Пептид LtAMP-5 синтезируют твердофазньм методом путем наращивания цепи с С-концевого остатка на 4-(2',4'-диметоксифенил-Ртос-аминометил)-фенокси (Ринк-амидной) смоле (PepChem, Германия) с нагрузкой 0,51 ммоль/г, для временной защиты α-NH2-групп используют флуоренилметоксикарбонильную группу (Fmoc) [Chan W.C., White P.D. Fmoc Solid Phase Peptide Synthesis. - 2000. - University Press, Oxford]. Защиту боковых групп аминокислотных остатков выбирают с расчетом на конечное деблокирование трифторуксусной кислотой: для защиты боковых групп остатков Ser и Туг используют третбутильную группу, для Glu - O-третбутильную группу, для Lys - третбутилоксикарбонильную группу, для Arg - 2,2,4,6,7-пентаметилдегидробензофуран-5-сульфонильную группу, для Asn - тритильную группу.

Аминокислотные остатки присоединяют к пептидил-полимеру с образованием гидроксибензотриазолового эфира в присутствии 1,3-диизопропилкарбодиимида, для активации 1 экв. аминокислоты используют 1,2 экв.N-гидроксибензотриазола и 1 экв 1,3-диизопропилкарбодиимида. Для наращивания полипептидной цепи в ходе каждого синтетического цикла проводят конденсацию пептидил-полимера с 5 экв активированной Fmoc-аминокислоты при 37°С, содержание непрореагировавших аминогрупп контролируют визуально по окрашиванию рН-зависимого индикатора бромфенолового синего.

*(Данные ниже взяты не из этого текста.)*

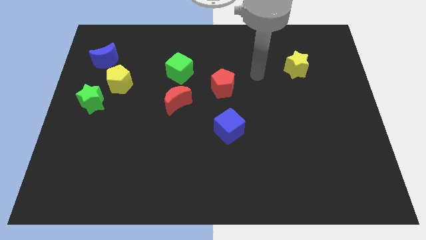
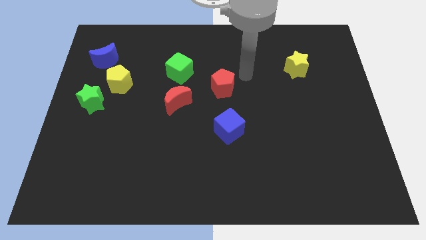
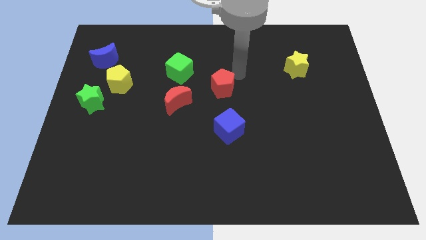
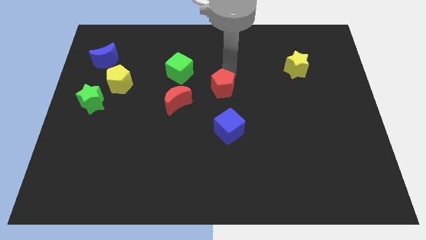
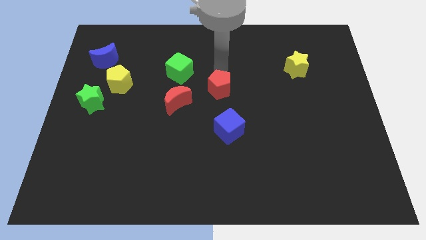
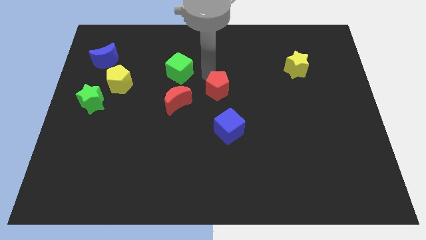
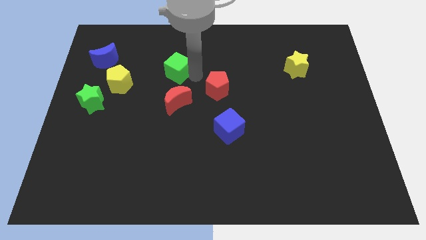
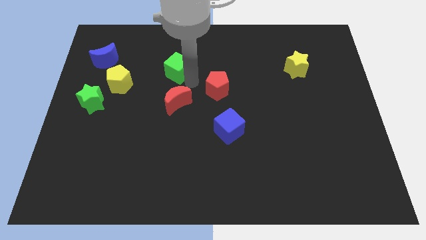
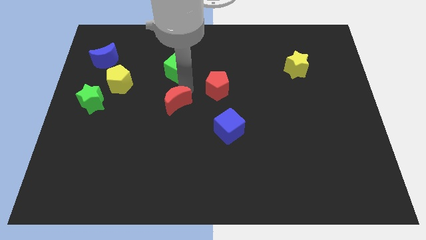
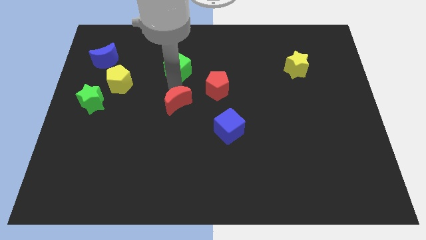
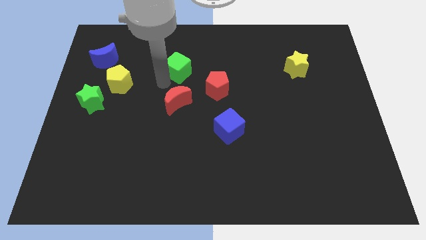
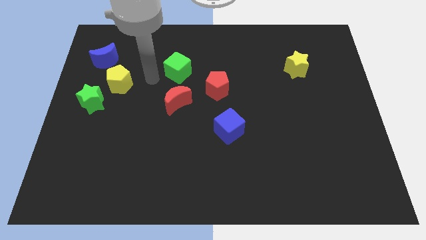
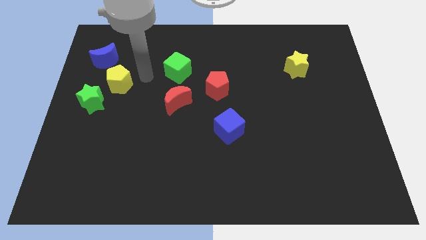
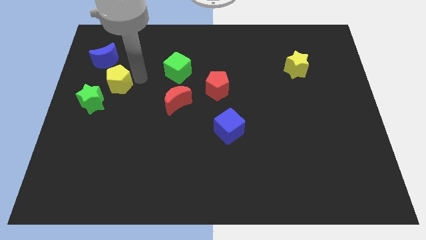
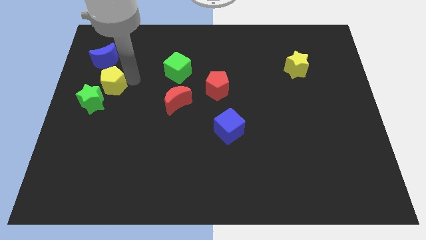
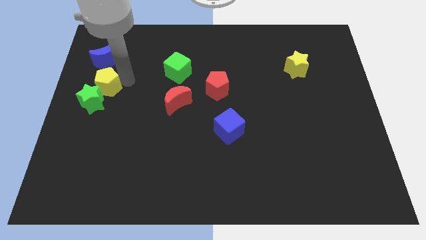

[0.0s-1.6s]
slide the yellow pentagon to the left side of the board

Отщепление продукта от полимера с одновременным деблокированием боковых групп проводят смесью трифторуксусной кислоты, воды и этандитиола (95:2,5:2,5, v/v/v) из расчета 1 мл смеси на 50 мг смолы. Суспензию перемешивают в течение 2 часов, затем раствор пептида в трифторуксусной кислоте отфильтровывают от полимера. Продукт высаживают 10-кратным избытком (по объему) охлажденного диэтилового эфира, отфильтровывают, дважды промывают эфиром, после чего высушивают лиофильно. Восстановление окисленных остатков метионина проводят обработкой раствора пептида (2 мг/мл) в 10%-ной (v/v) уксусной кислоте метилмеркаптоацетамидом (10 экв. на 1 экв. остатков метионина) в течение 36 часов при 37°С.

Синтезированный пептид подвергают очистке по методу ВЭЖХ на колонке с обращенной фазой Luna C18 (10×250 мм, размер пор 100 Å, диаметр частиц 10 мкм, Phenomenex, США). Фракционирование проводят в линейном градиенте концентрации ацетонитрила от 0 до 60% (v/v) в 0,1%-ной (v/v) трифторуксусной кислоте в течение 60 минут со скоростью элюции 2 мл/мин. Детекцию осуществляют по оптическому поглощению при 210 нм.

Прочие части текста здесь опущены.